● WORK TO BE COMPLETED:
An exact repetition of the data below, without images, is the expected answer.

● PROVIDED INFORMATION:
%%

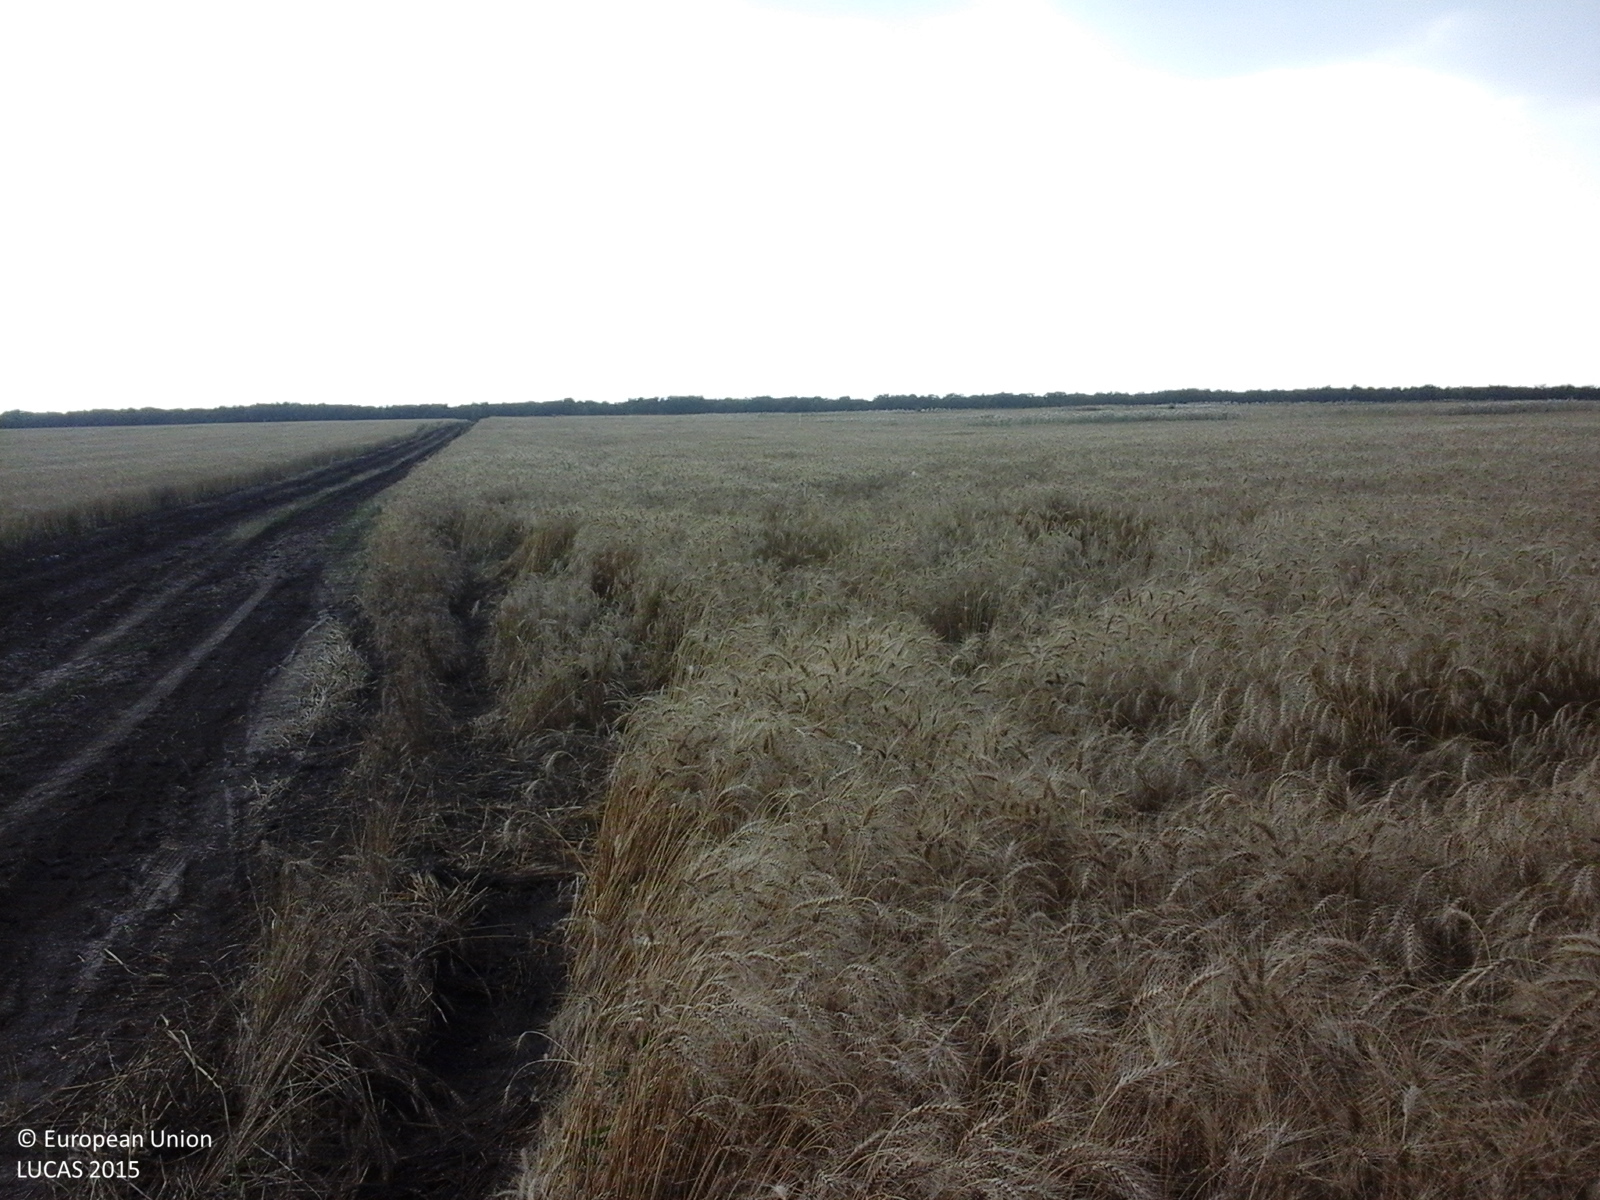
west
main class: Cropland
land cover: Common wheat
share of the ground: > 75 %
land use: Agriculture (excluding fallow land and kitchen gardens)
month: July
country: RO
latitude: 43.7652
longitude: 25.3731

%%

● EXERCISE ANSWER:
west
main class: Cropland
land cover: Common wheat
share of the ground: > 75 %
land use: Agriculture (excluding fallow land and kitchen gardens)
month: July
country: RO
latitude: 43.7652
longitude: 25.3731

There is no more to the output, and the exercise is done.